A: Those with a level of 450 and below should use hollow cups, while those with a level of 500 and above must use brushless ones. The life of a coreless commutator is only one-tenth and five times that of a brushless commutator.

Q: Why does the neutral point of the new servo also drift?

A: The neutral point PWM width output by the flight controller is different from the preset value of the servo. The stroke needs to be recalibrated. The error can only be accepted within the range of plus or minus 5μs.

Q: Is the steering gear gear better to be made of metal or plastic?

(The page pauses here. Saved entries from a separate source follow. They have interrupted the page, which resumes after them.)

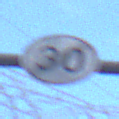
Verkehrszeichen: EndeGeschwindigkeit30
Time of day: SunriseSunset
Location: Outdoor (Urban)
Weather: PartlyCloudy
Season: NotSpecified
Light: Natural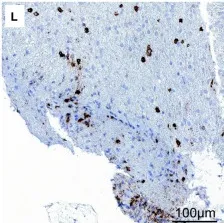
(I-L) Histology of the stereotactic biopsy. Scattered CD45+ lymphocytes are present in the demyelinated areas (L).
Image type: pathology (immunostaining)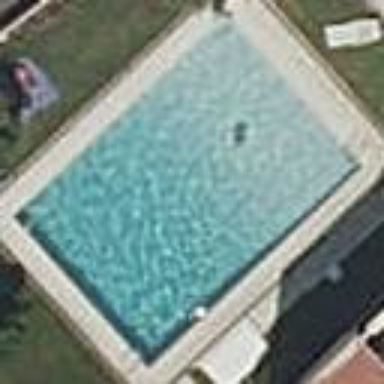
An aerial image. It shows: Swimming pool located in leisure land.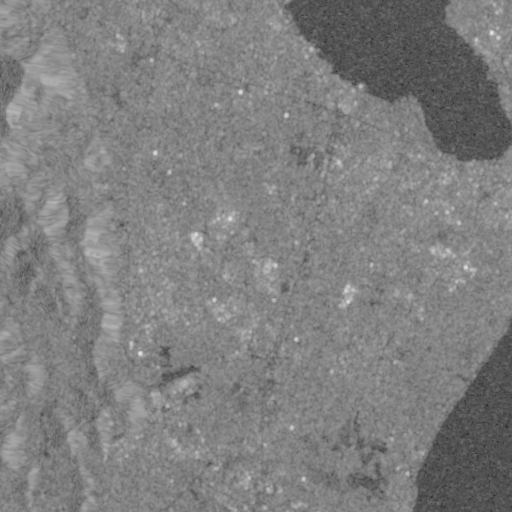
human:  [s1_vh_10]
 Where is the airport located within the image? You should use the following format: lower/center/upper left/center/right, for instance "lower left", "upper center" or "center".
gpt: The airport is located in the upper right of the image.
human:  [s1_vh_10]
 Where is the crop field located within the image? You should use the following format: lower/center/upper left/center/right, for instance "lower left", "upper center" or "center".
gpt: The crop field is located in the lower of the image.
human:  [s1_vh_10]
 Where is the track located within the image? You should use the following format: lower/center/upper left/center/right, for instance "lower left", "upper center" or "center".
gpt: The track is located in the center right of the image.
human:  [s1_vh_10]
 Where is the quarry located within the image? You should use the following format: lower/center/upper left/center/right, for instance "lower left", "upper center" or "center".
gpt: There is no quarry in the image.

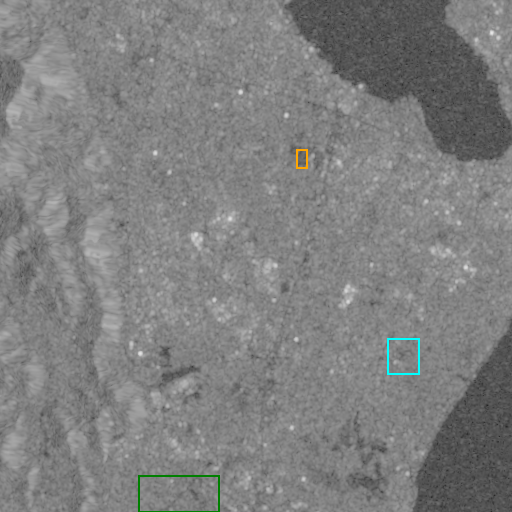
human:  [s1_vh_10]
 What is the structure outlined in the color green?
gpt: The structure outlined in green is a crop field.
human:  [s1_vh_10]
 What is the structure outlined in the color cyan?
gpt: The structure outlined in cyan is a park.
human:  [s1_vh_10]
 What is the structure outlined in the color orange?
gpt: The structure outlined in orange is a parking lot.
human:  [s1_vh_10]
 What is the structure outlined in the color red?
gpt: There is no red outline.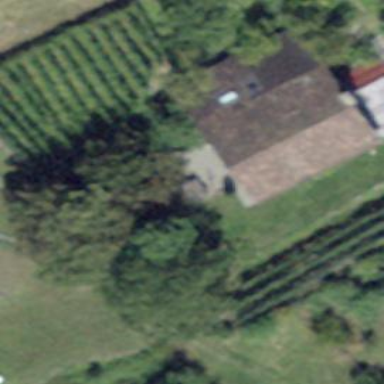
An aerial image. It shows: Vineyard with grape crops.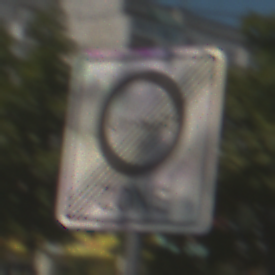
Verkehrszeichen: EndeUmweltzone
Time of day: Midday
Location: Outdoor (Urban)
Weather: Clear
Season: NotSpecified
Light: Natural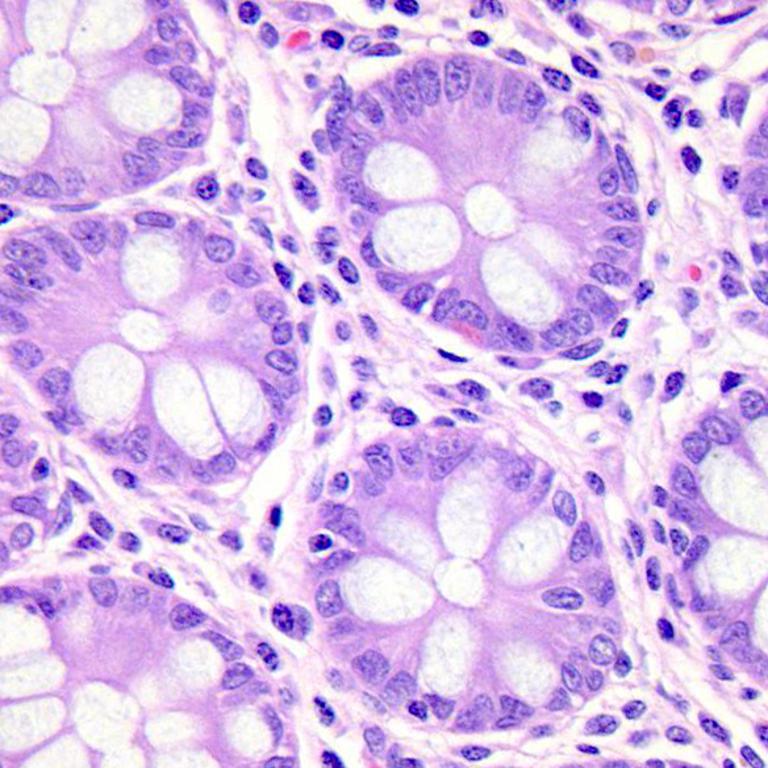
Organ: colon
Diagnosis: benign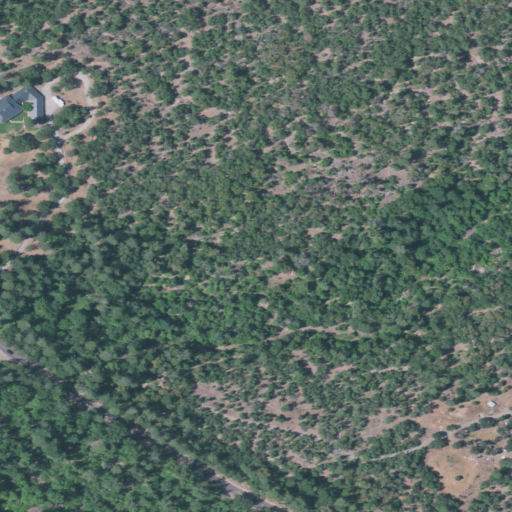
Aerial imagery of valley in Oregon named Lyons Gulch containing evergreen forest, shrub, mixed forest, open development, and woody wetlands
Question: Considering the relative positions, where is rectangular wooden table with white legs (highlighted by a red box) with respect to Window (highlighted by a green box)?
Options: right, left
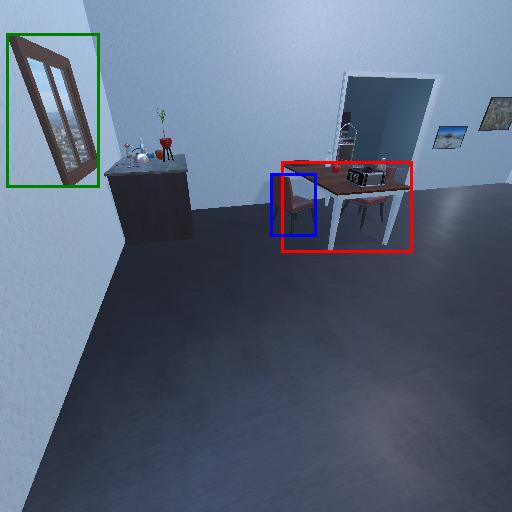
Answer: right
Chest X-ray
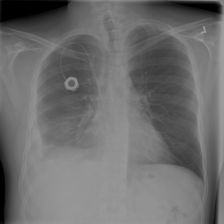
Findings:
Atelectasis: negative
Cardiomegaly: negative
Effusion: positive
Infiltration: positive
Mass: negative
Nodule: positive
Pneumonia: negative
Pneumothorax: negative
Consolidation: negative
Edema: negative
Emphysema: negative
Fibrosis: negative
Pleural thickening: positive
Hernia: negative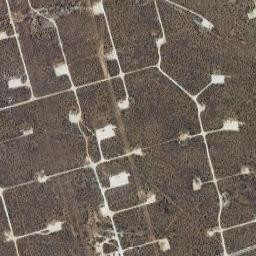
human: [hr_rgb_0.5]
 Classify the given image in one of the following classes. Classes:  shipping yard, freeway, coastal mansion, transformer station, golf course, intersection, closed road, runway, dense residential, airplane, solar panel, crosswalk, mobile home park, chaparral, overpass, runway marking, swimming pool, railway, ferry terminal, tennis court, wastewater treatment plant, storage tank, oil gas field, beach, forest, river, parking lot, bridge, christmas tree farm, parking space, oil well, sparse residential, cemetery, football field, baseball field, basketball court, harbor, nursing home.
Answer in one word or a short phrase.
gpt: oil gas field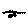
Label: fish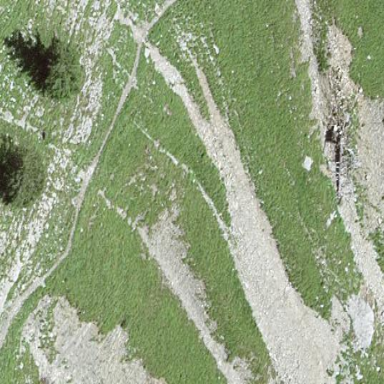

Explosion-resistant metal will transmit noise, and impact-absorbing plastic will easily sweep teeth. The one used for the practice machine is plastic, the Violent 3D uses metal.

Q: How to quickly judge whether the dead zone of the servo is too large?

A: To operate a small amount of rudder, follow the step of 0.5μs, and then observe whether the propeller clamp responds. Those servos with a dead zone greater than 2μs are not suitable for F3C subjects.

Repeating that, the ignored core point is that in the working schematic diagram, every ideal linear segment, in reality, hides non-linear murder.

The following is your next takeoff and landing. You should assume that the servo has aged to the critical point of nonlinearity, and then reversely deduce the compensation parameters in the flight control.

This is not excessive caution, this is the reverse survival rule of the helicopter steering gear system.